En ese momento, Inés se sintió feliz. Finalmente, no tendría que escuchar peleas ni ver a su madre borracha ni oír a su padre llamar a sus amantes. Pero las cosas no fueron tan sencillas.

Antes de comprarle el piso, su padre la llamó para hablar.

– Cuando termines la universidad, te formaré para el negocio familiar. Lo dirigiremos juntos.

Inés no tenía intención de continuar con el negocio de su padre y abuelo, y así se lo dijo. Detestaba ese negocio que había obligado a sus padres a permanecer juntos y sufrir. Toda su infancia también sufrió con ellos.

En cambio, Inés eligió dedicarse al turismo. Quería abrir su agencia de viajes y crear rutas interesantes. Al menos en los viajes familiares, podía distraerse un poco. Aunque, incluso en vacaciones, sus padres discutían y su madre bebía mucho. En una ocasión, su padre incluso alojó a una amante en la habitación contigua del hotel. Inés lo vio entrar a su habitación mientras su madre estaba inconsciente de tanto beber.

A pesar de todo, esos viajes le daban un soplo de vida. Asistía a excursiones y pasaba tiempo en la playa para no involucrarse en los dramas familiares. En su niñez, su niñera solía acompañarlos, la única que se ocupaba realmente de ella. Luego, al crecer, se las arreglaba sola.

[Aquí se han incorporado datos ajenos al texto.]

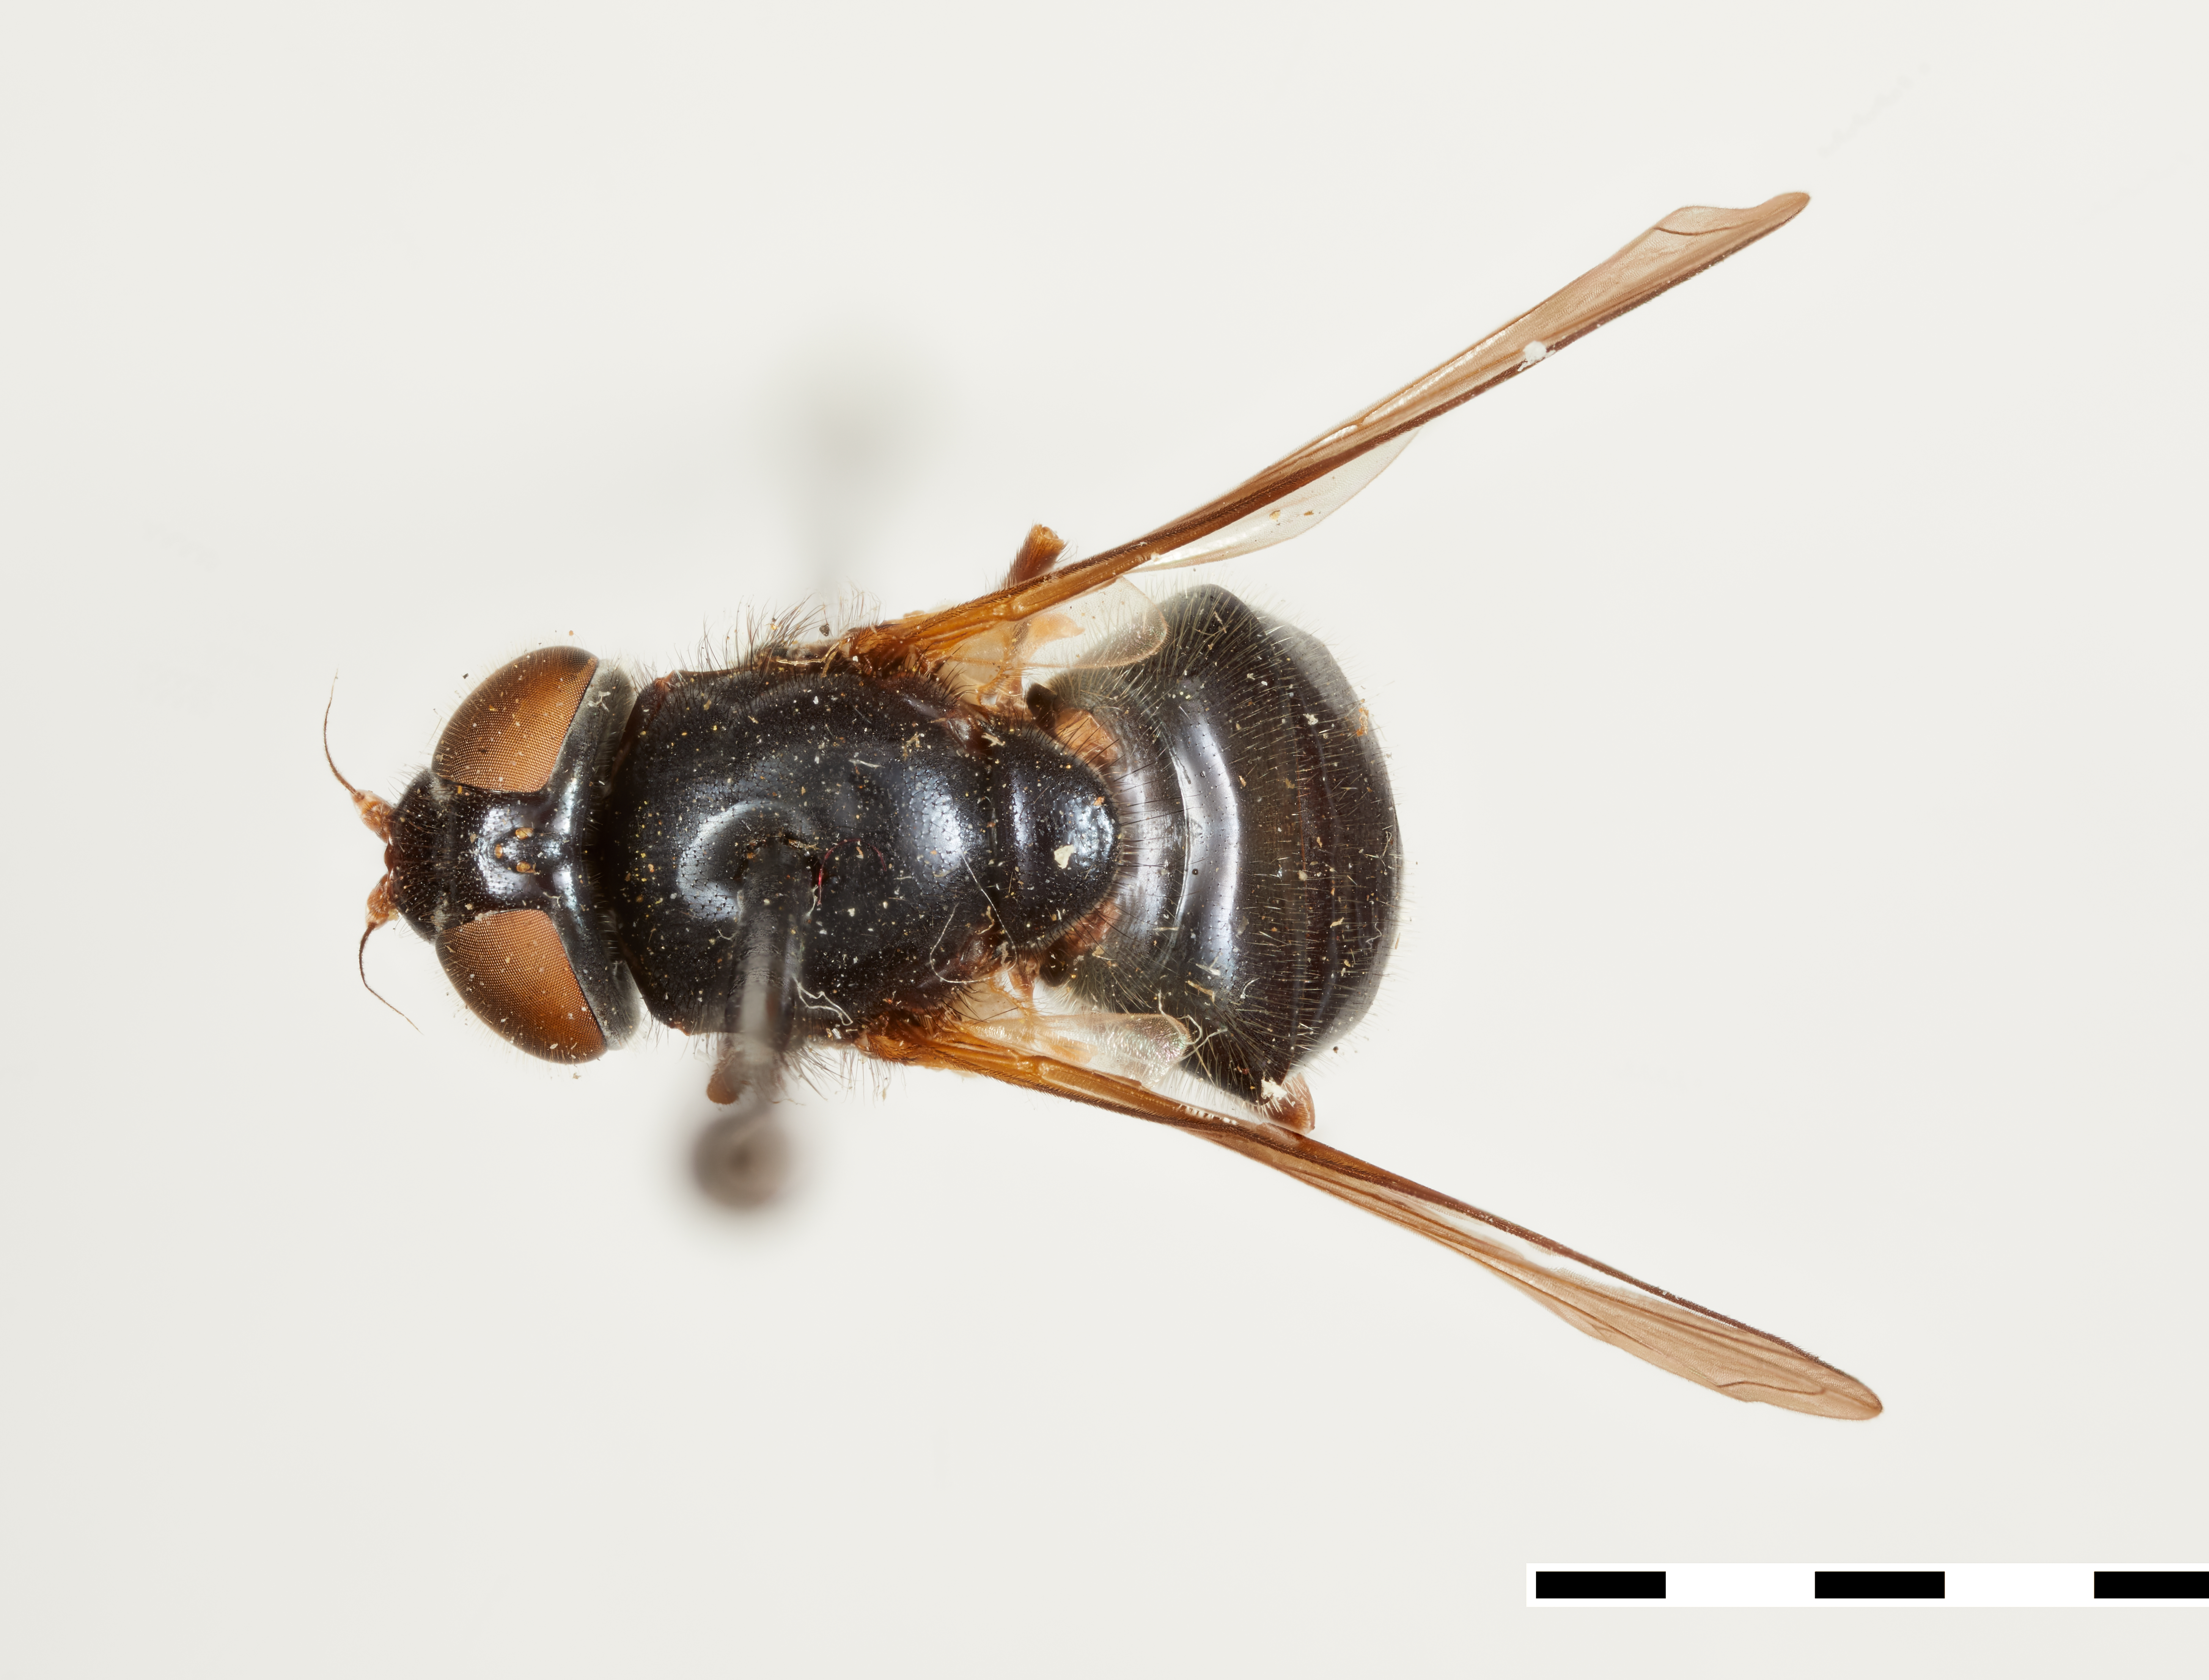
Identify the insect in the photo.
Chilosia burkei

Por eso el turismo la atraía tanto. No quería saber nada del negocio familiar que había arruinado su vida.

Sin embargo, su padre, que nunca le había prestado suficiente atención, le dio un ultimátum: si quería mantener el sostén económico que él le proporcionaba, debía seguir sus órdenes.

Lo mismo le ocurrió a su madre al aceptar las condiciones de su abuelo. Solo que ella amaba tanto la vida de lujo que estaba dispuesta a vivir con un hombre al que no amaba, y que no la amaba. Solo para que el dinero siguiera cayendo en su cuenta. Aunque últimamente, ese dinero era para comprar botellas de vino caro.

Inés no quería repetir esa historia. Sabía que no solo era manejar el negocio. Su padre no le permitiría casarse con quien quisiera ni dedicarse a lo que le gustaba. Pronto se sentiría atrapada en una jaula de oro y también terminaría comenzando su día con vino.

Inés declaró con firmeza que no obedecería a su padre. Y este cumplió su amenaza, le cortó el dinero. Bloqueó su tarjeta y le ordenó que se fuera de casa, pues quien viviera allí debía acatar sus reglas.

Él pretendía influir en ella de esta manera. Pero al mirar a su madre, Inés prometió no ser como ella.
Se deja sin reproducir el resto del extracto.